奚玉樱会追来,我一点都不奇怪,可他,新婚燕尔,怎么也长途跋涉到鬼谷来了?
我走到了他的面前,一直到这个时候,他才慢慢的起身,用一种近乎陌生的口气:“拜见太后。”
“南宫将军。”我微微笑道:“怎么南宫将军也会来鬼谷?”
“末将,陪寻幽三朝回门。虽说迟了些日子,总也好过没有。”
原来,是陪新婚妻子回门。
我在心里笑了笑,看向周围:“将军与夫人真是情真意切令人羡慕。可是,尊夫人怎么不在此处?”
“舟车劳顿,寻幽有些不舒服,在外面休息。”
“……原来是这样。”
说到这里,我和他之间似乎也无话可说了,这个男人的身上出现了从未有过的生人勿近的生冷气息,尤其好像不想看见我,想来那一夜,在他大婚的宴席上那场闹剧,已经把他心里最后一点耐性磨平了吧。
我淡淡一笑,转身走向了前面。
鬼谷先生正跪坐在正前方,一张香案摆在眼前,上面放着一只檀香炉,青烟袅袅,让整间精舍都显出了几分幽静雅致之气,而他的眼睛也隐藏在了那青烟之后,显得模糊而飘渺。
“公主殿下,鬼面呢?为何没有与你同来?”
“他说他有些不舒服,就不过来了。

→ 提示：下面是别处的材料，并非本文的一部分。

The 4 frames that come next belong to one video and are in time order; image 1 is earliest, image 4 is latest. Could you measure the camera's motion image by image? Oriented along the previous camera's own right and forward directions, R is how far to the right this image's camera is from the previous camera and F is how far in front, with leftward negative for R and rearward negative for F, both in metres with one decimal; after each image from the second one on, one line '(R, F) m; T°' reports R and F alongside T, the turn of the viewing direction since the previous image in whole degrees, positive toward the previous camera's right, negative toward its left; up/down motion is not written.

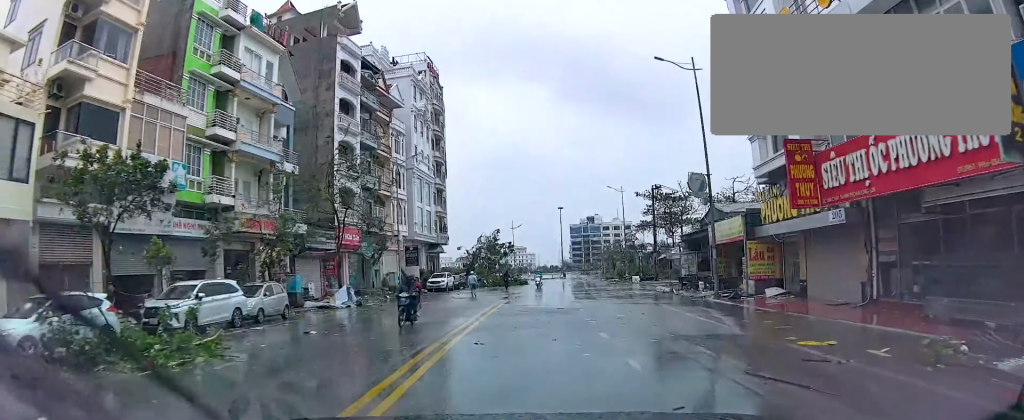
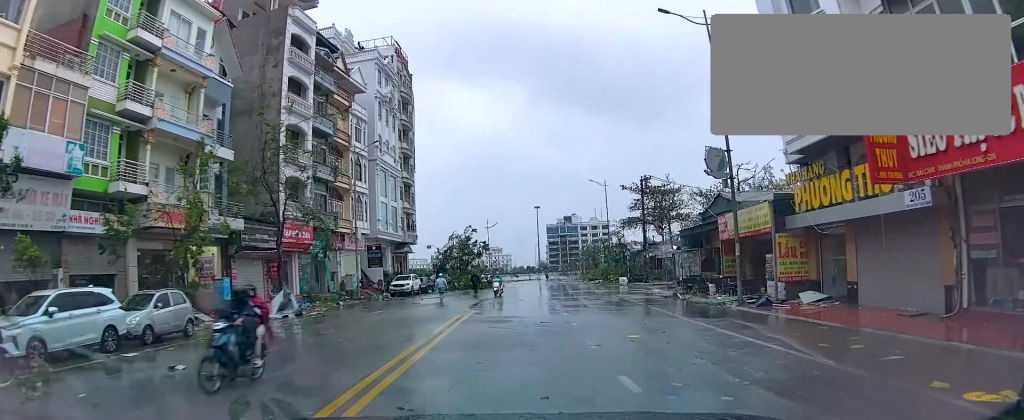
(+0.3, +5.7) m; 0°
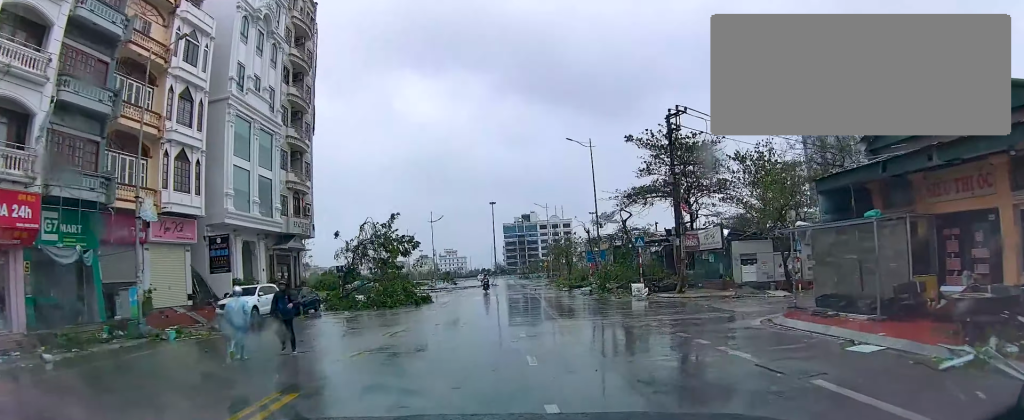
(+1.3, +22.3) m; +7°
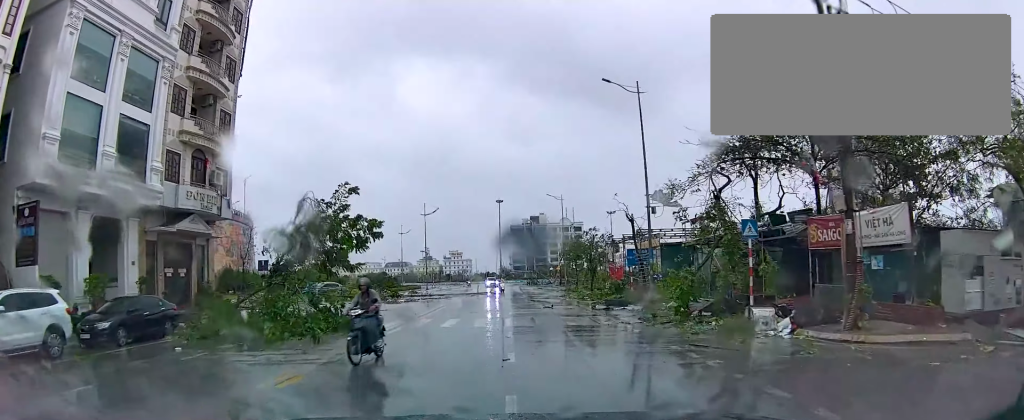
(0.0, +15.4) m; 0°

”
“喔……”
鬼谷先生淡淡一笑,目光有意无意的看向了奚玉樱,没有说什么,只淡淡的一挥手。
我当然不会相信鬼面说的是真的,尤其当时他的眼神,已经泄露出了太多的心绪,他似乎早就知道来的人会是奚玉樱和南宫,但为什么他不愿意与他们相见?难道九年前,他在鬼谷的时候,和他们之间有过什么?
我的心里越来越多的疑惑,唯一能解开的,就是眼前这位老人,可他却什么也不说,脸上唯一清晰的,是那份运筹帷幄,决胜千里之外的笑意。
他到底,想做什么?
这天晚上,对鬼谷的很多人来说,都是个不眠之夜。
我静静的靠在床头,看着窗外明月洒下的千里清辉,像是一张由千万条银丝织成的网,将世间的一切都束缚了起来。
鬼谷,到底有什么东西,牵引着中原数国,九位皇子皇女的命运?
实在睡不着,我索性穿上长衫,一个人慢慢的走了出去,这里的守卫不及皇宫森严,景色却比任何一个宫殿都美太多了,尤其倾泻如水的月光照在漫无边际的桂树林中,花香四溢,仿若一片画中的景致。
我就在这样的美景中,一个人漫无目的的走着。
不知过了多久,眼前出现了一排往山上的青石板——原来,我走到白天鬼面带我来的地方了。
一步一步的踏上去,这里的景色比白天更让我觉得熟悉,好像一个人推开了一扇门,走进了自己的回忆中,我几乎可以肯定,在我的记忆中,这个地方一定曾经发生过什么。
可是,这条路的尽头,谁在等着我呢?
我的记忆里,谁在等着我呢?
我一步一步的慢慢走上去,那露台离我越来越近,月光下,一个身影慢慢的出现在视线中,笼罩在月光下,他站在那里,好像一个鬼魅的影子。
我走上了最后一级台阶,微微一愣,他已经回过头。
那双澄清的眼睛,在月光下黯淡得如同永夜。
南宫?!
我一时间都失去了反应——他,为什么会出现在这里?!
他站在那里,依旧沉默着,仿佛真的成了一尊雕像,两个人就这样默默的对视,不知过了多久,他才慢慢的走到我的面前,低头看着我茫然无措的眸子,而我,却看不清那张脸上,到底是什么样的表情。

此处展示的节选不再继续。